Quality standards are to be applied to organisations and individuals that offer security penetration testing services, to improve business confidence.

From 1 April, the Council for Registered Ethical Security Testers (Crest) will accredit ethical hackers who perform tests on company networks to see if they are vulnerable to security breaches.

Paul Vlissidis, a member of the Crest operational management committee, says standards are essential for an industry that requires such a high degree of trust.

‘This industry sector has no kitemark,’ he said. ‘Our customers need a bar to allow them to see who comes above it and who comes below it.’

Crest will assess firms and individuals using written and practical exams. Successful accreditations will last for three years before they need to be renewed.

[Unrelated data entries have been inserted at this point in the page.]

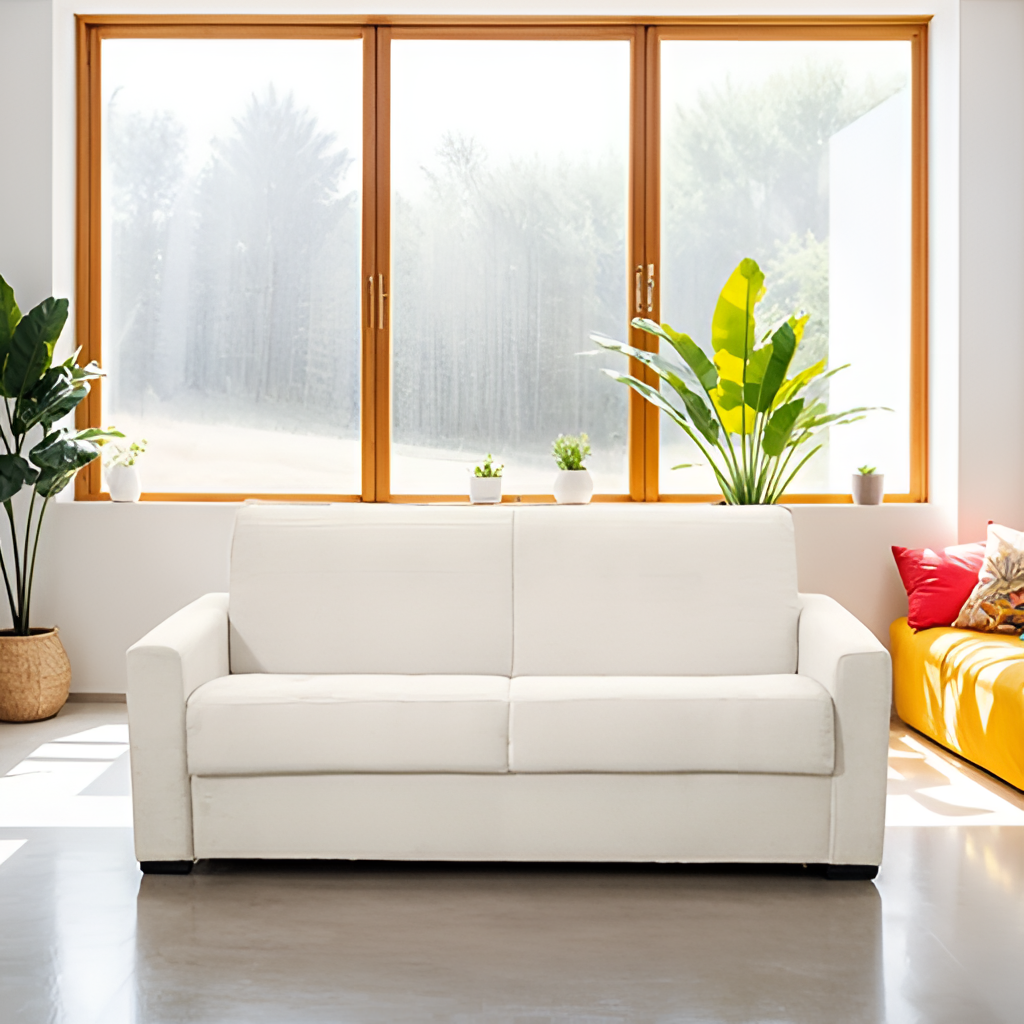
white fabric sofa, living room, modern, tile flooring, with smooth pattern, white paint wallpaper, with solid pattern
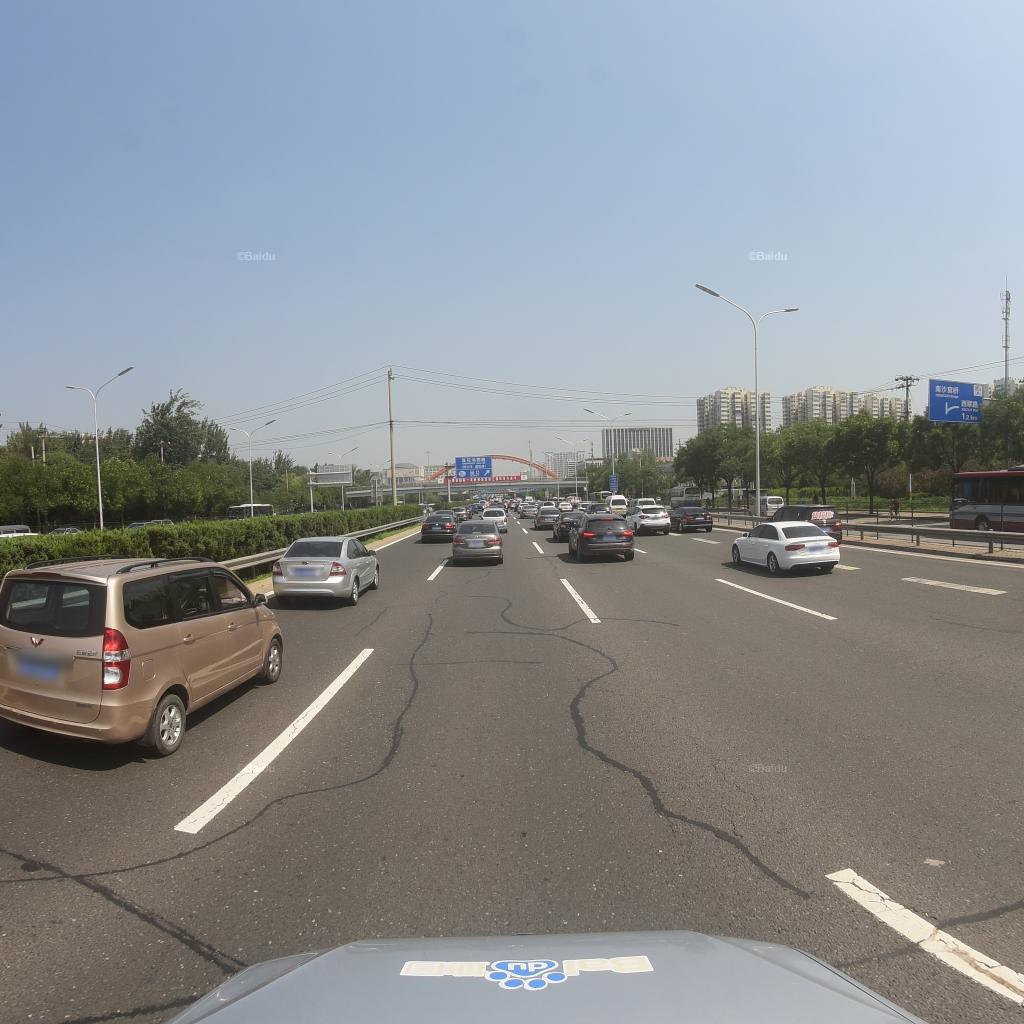
Region: Fengtai
Road damage annotations: transverse patch, longitudinal patch, longitudinal patch, transverse patch, transverse patch, transverse patch, longitudinal patch, longitudinal patch, longitudinal patch, transverse patch
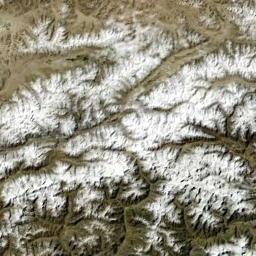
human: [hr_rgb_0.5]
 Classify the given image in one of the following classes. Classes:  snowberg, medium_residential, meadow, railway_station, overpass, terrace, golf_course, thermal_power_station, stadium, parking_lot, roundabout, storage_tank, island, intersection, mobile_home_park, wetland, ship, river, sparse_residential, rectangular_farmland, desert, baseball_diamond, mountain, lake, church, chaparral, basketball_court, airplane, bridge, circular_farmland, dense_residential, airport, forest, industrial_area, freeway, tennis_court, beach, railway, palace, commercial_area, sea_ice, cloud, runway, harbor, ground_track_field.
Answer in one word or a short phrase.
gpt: snowberg
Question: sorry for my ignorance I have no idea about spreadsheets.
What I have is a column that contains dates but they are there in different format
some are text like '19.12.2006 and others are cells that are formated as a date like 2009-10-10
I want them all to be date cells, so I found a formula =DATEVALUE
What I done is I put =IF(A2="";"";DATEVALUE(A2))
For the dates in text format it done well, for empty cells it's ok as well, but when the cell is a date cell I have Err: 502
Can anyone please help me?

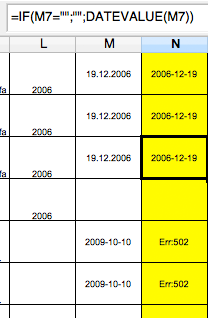
Answer: As you've discovered, 'DATEVALUE' expects a string that looks like a date, not an actual date. However, there is nothing stopping you from taking your dates and converting them to strings with 'TEXT'. The right can distinguish between dates and string dates for you.

The formula in N1 is,
'=IF(ISBLANK(M1); ""; DATEVALUE(TEXT(M1; "mmm dd, yyyy;@")))'
This formats anything that is an actual date into a string date and leaves any string dates alone. There seemed to be a vs issue between your sample data and my regoinal system so I used that complex date format but just about any date format will do. The is stuck on the end to catch strings. The result is processed by 'DATEVALUE'. I used 'ISBLANK' for the second test but there is nothing wrong with 'IF(M1=""; ...'.
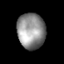
Tissue: skin
Cell type: Epithelial cells
Senescence score: 0.2491
Nuclear area (px): 973
Mean DAPI intensity: 142.686
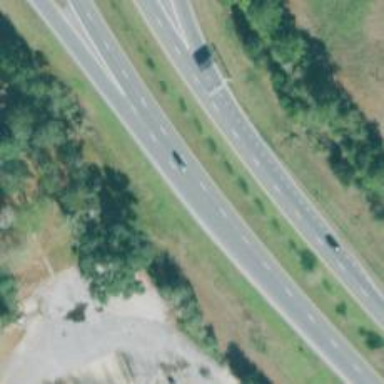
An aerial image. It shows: Asphalt motorway link.

‘Technology and the threat environment are evolving constantly, and our processes need to evolve with them,’ said Paul Docherty, operational management committee member at Crest.

Crest expects that the international nature of its corporate customers will result in the standard becoming internationally recognised within about a year.

Ollie Ross, head of research at The Corporate IT Forum, warns Crest should learn from the mistakes of other standards.

‘An initiative to provide an approved level of quality assurance should be encouraged,’ she said.

‘But the difficulty many users experienced with the recent launch of the Payments Cards Industry (PCI) data security standard demonstrates the need for increased user consultation.’